Source records
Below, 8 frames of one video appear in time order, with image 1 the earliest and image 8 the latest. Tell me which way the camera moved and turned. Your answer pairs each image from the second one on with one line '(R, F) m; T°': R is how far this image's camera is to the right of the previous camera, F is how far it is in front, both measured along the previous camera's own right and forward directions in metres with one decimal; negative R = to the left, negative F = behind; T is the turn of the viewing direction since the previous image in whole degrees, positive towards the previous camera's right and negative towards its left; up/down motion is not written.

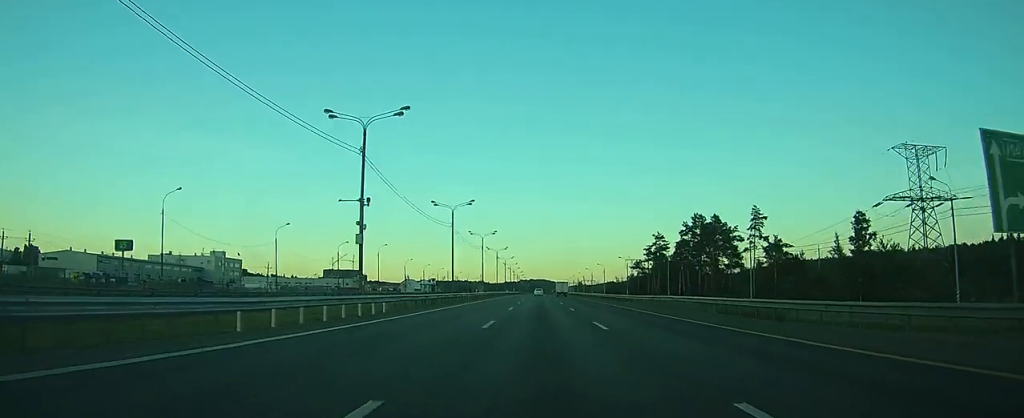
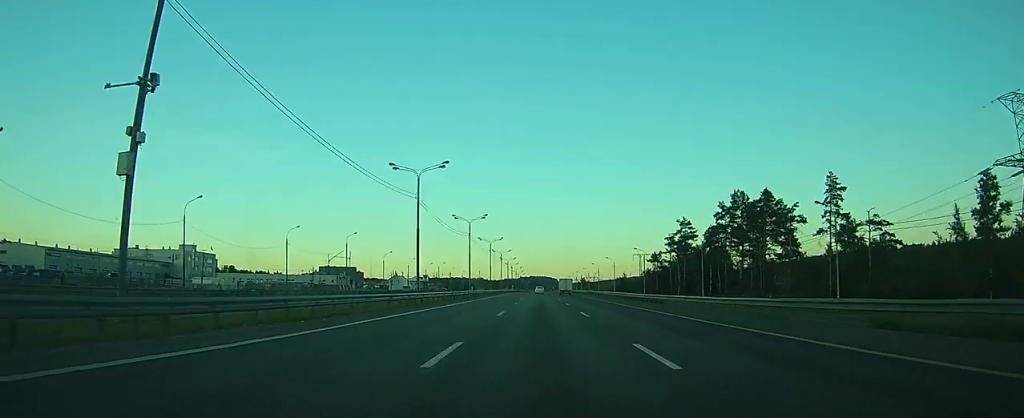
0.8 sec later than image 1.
(0.0, +25.4) m; 0°
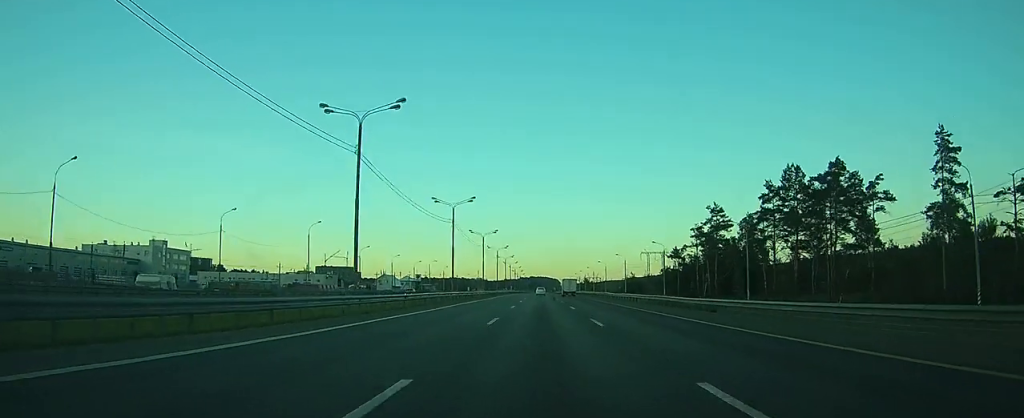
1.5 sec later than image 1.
(0.0, +21.2) m; 0°
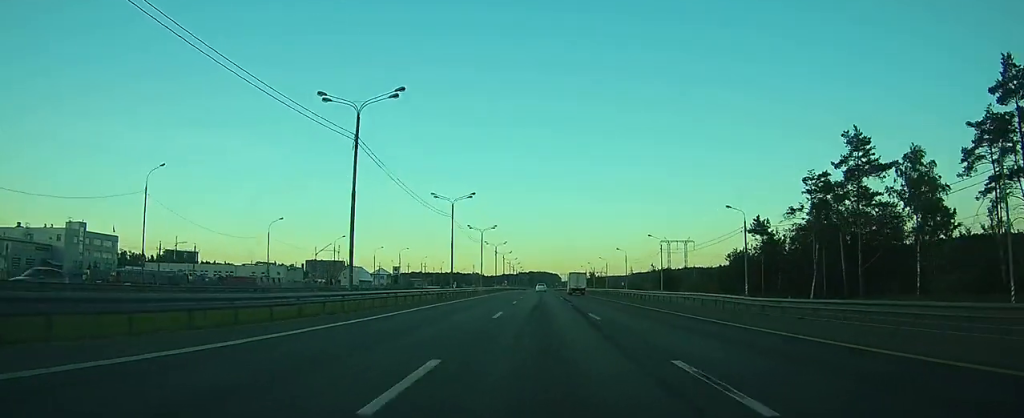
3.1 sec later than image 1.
(-0.1, +45.9) m; 0°
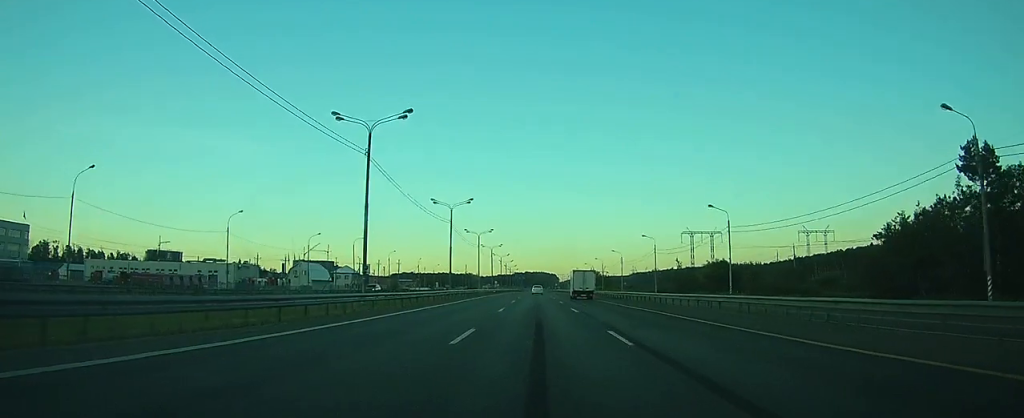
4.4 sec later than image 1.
(+0.1, +40.6) m; 0°
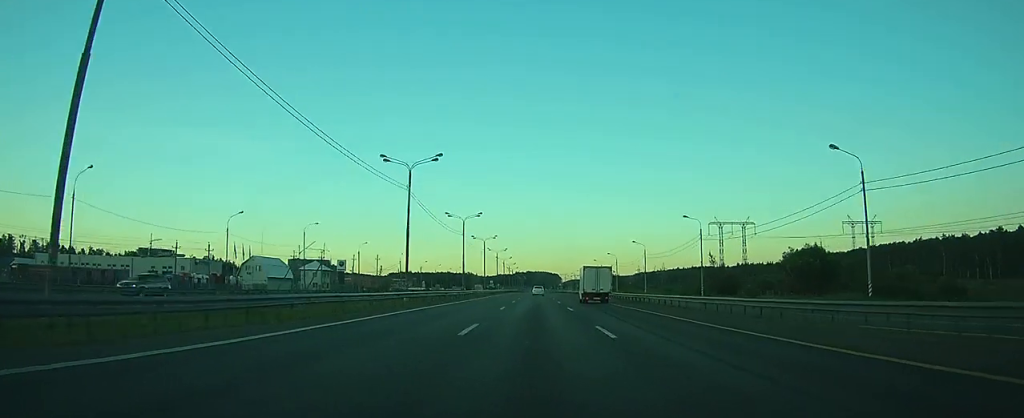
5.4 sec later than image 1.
(0.0, +29.7) m; 0°
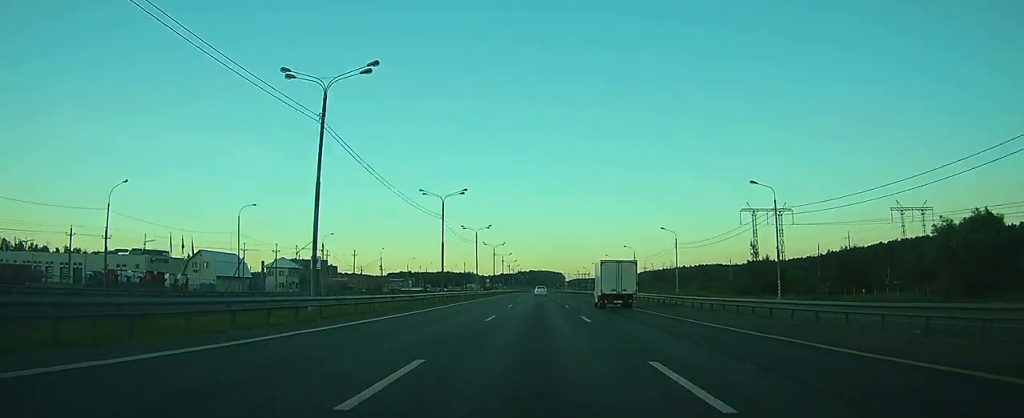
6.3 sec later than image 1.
(0.0, +24.8) m; 0°
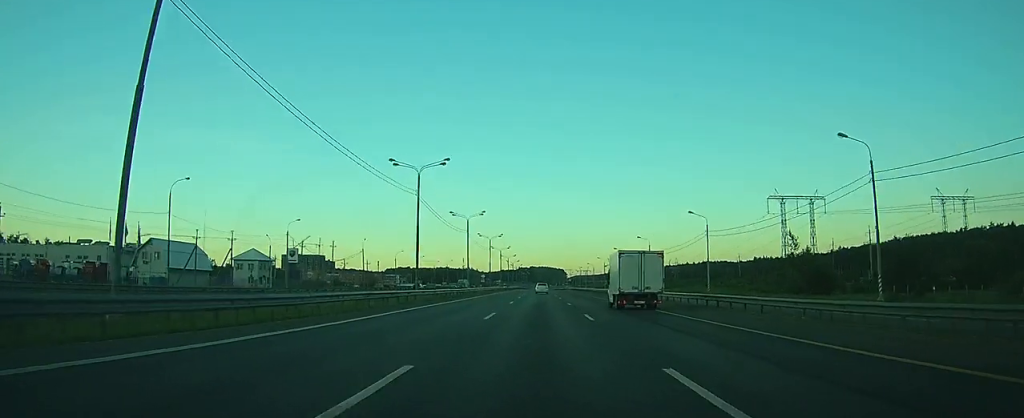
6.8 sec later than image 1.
(-0.1, +16.9) m; 0°
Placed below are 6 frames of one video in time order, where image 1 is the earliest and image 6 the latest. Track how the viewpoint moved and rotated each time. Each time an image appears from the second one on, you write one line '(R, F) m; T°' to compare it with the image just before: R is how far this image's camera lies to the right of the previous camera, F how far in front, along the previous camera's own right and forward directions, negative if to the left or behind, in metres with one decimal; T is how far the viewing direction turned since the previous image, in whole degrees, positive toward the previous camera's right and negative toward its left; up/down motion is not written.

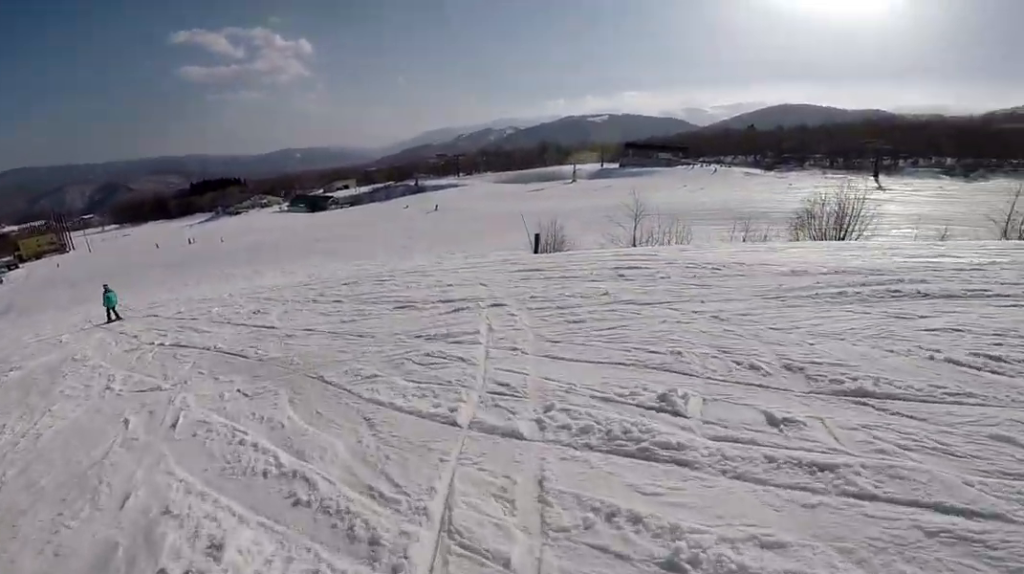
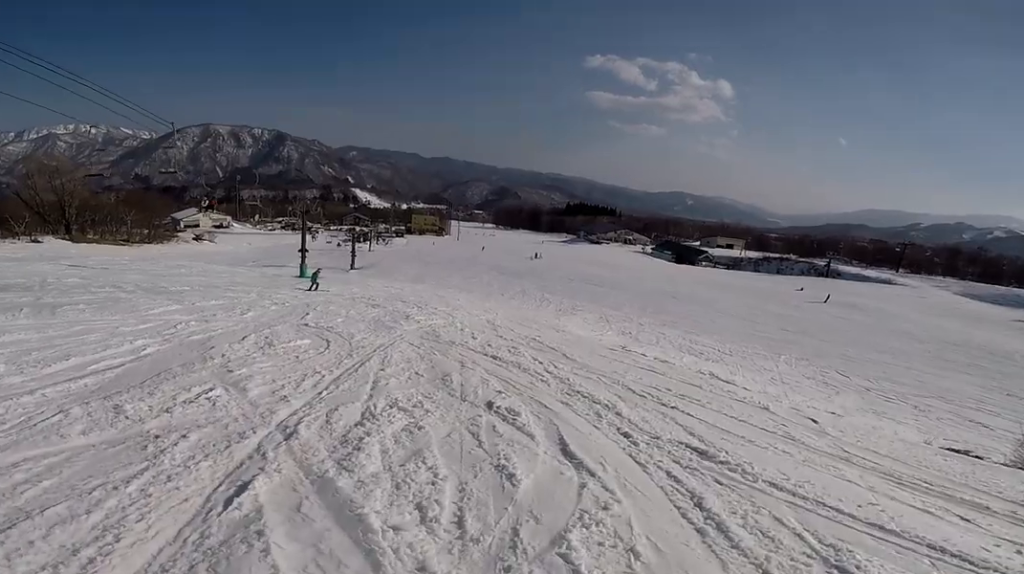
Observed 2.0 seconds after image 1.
(-1.8, +8.1) m; -38°
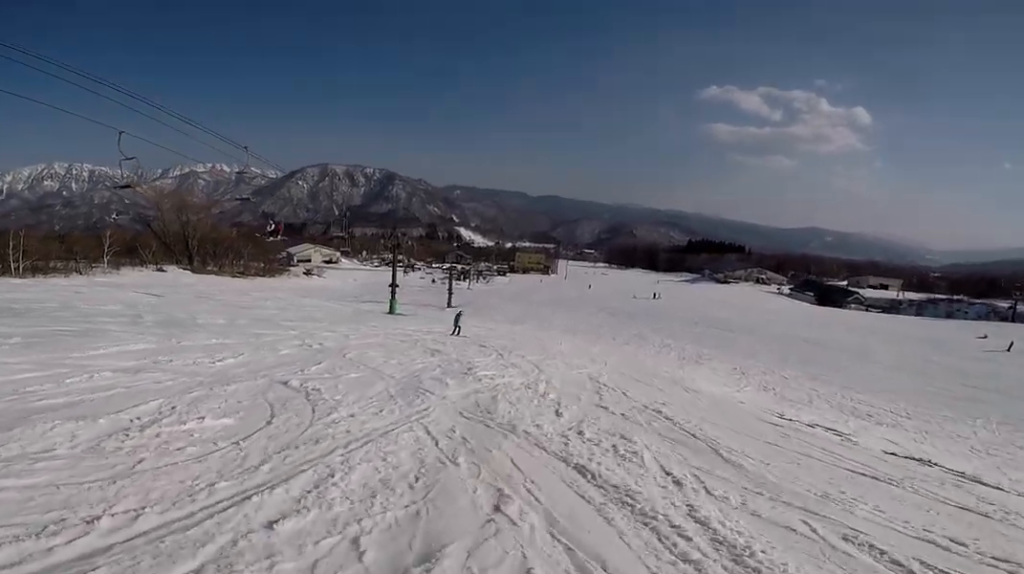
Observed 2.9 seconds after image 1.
(-0.9, +4.0) m; -11°
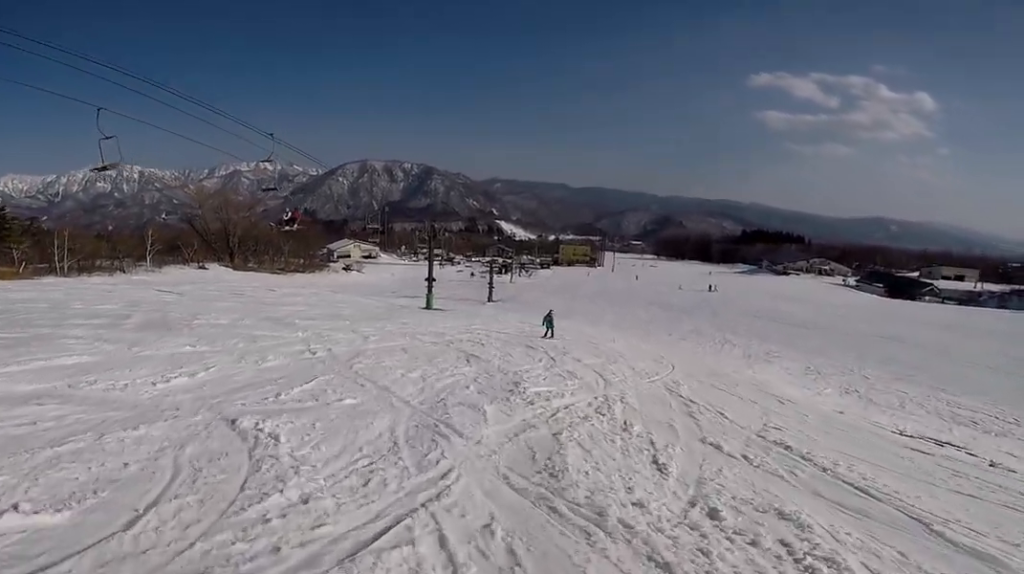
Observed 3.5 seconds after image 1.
(-0.3, +2.5) m; 0°
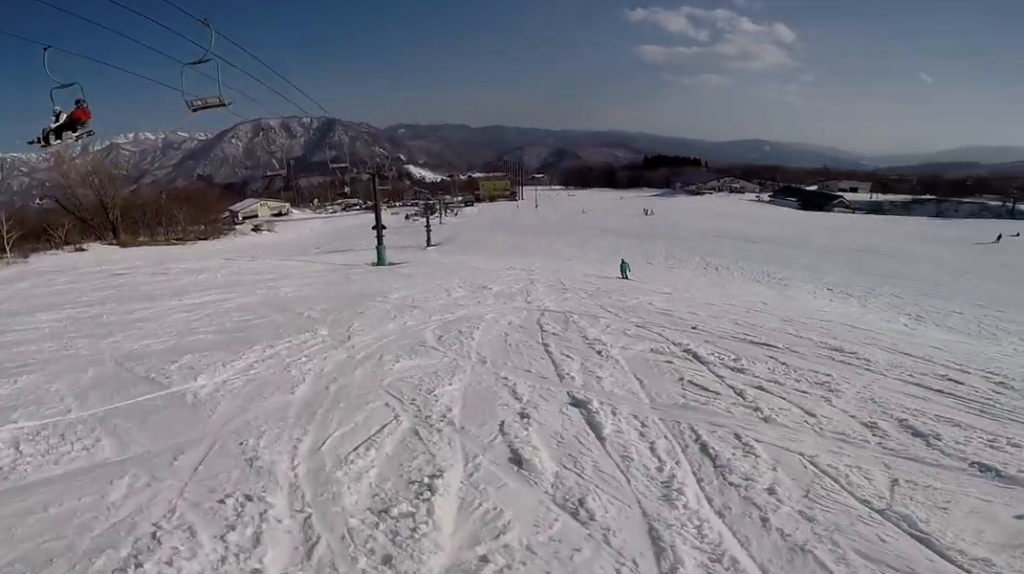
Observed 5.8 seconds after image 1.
(+0.3, +11.0) m; +12°
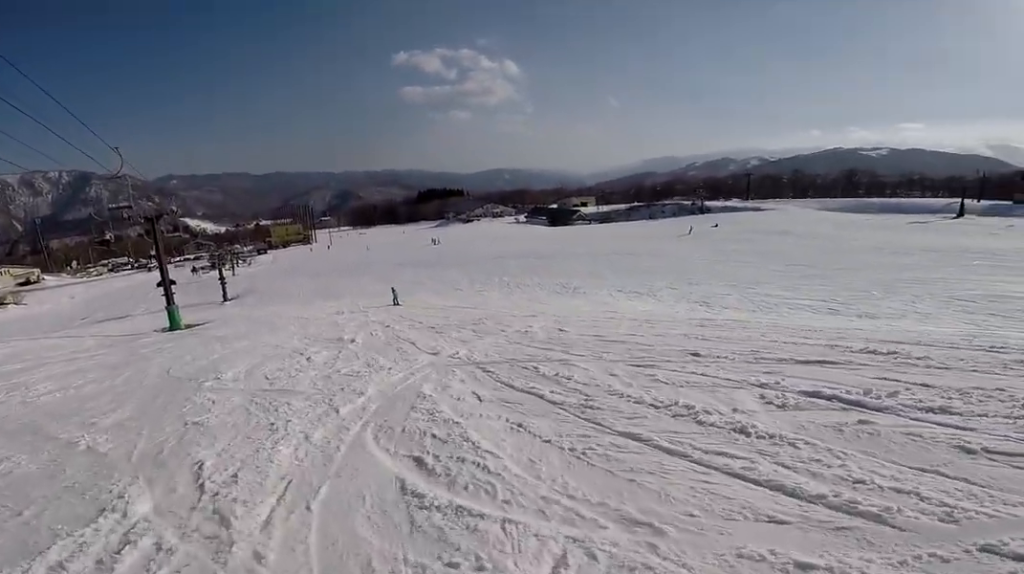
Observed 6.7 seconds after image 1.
(+0.8, +4.1) m; +24°

### EXERCISE DIRECTIONS
Every entry must be retyped exactly, with the pictures removed.

### OUTPUT OF THE TASK
Below, 8 frames of one video appear in time order, with image 1 the earliest and image 8 the latest. Tell me which way the camera moved and turned. Your answer pairs each image from the second one on with one line '(R, F) m; T°': R is how far this image's camera is to the right of the previous camera, F is how far it is in front, both measured along the previous camera's own right and forward directions in metres with one decimal; negative R = to the left, negative F = behind; T is the turn of the viewing direction since the previous image in whole degrees, positive towards the previous camera's right and negative towards its left; up/down motion is not written.

0.8 sec later than image 1.
(0.0, +25.4) m; 0°
1.5 sec later than image 1.
(0.0, +21.2) m; 0°
3.1 sec later than image 1.
(-0.1, +45.9) m; 0°
4.4 sec later than image 1.
(+0.1, +40.6) m; 0°
5.4 sec later than image 1.
(0.0, +29.7) m; 0°
6.3 sec later than image 1.
(0.0, +24.8) m; 0°
6.8 sec later than image 1.
(-0.1, +16.9) m; 0°
Placed below are 6 frames of one video in time order, where image 1 is the earliest and image 6 the latest. Track how the viewpoint moved and rotated each time. Each time an image appears from the second one on, you write one line '(R, F) m; T°' to compare it with the image just before: R is how far this image's camera lies to the right of the previous camera, F how far in front, along the previous camera's own right and forward directions, negative if to the left or behind, in metres with one decimal; T is how far the viewing direction turned since the previous image, in whole degrees, positive toward the previous camera's right and negative toward its left; up/down motion is not written.

Observed 2.0 seconds after image 1.
(-1.8, +8.1) m; -38°
Observed 2.9 seconds after image 1.
(-0.9, +4.0) m; -11°
Observed 3.5 seconds after image 1.
(-0.3, +2.5) m; 0°
Observed 5.8 seconds after image 1.
(+0.3, +11.0) m; +12°
Observed 6.7 seconds after image 1.
(+0.8, +4.1) m; +24°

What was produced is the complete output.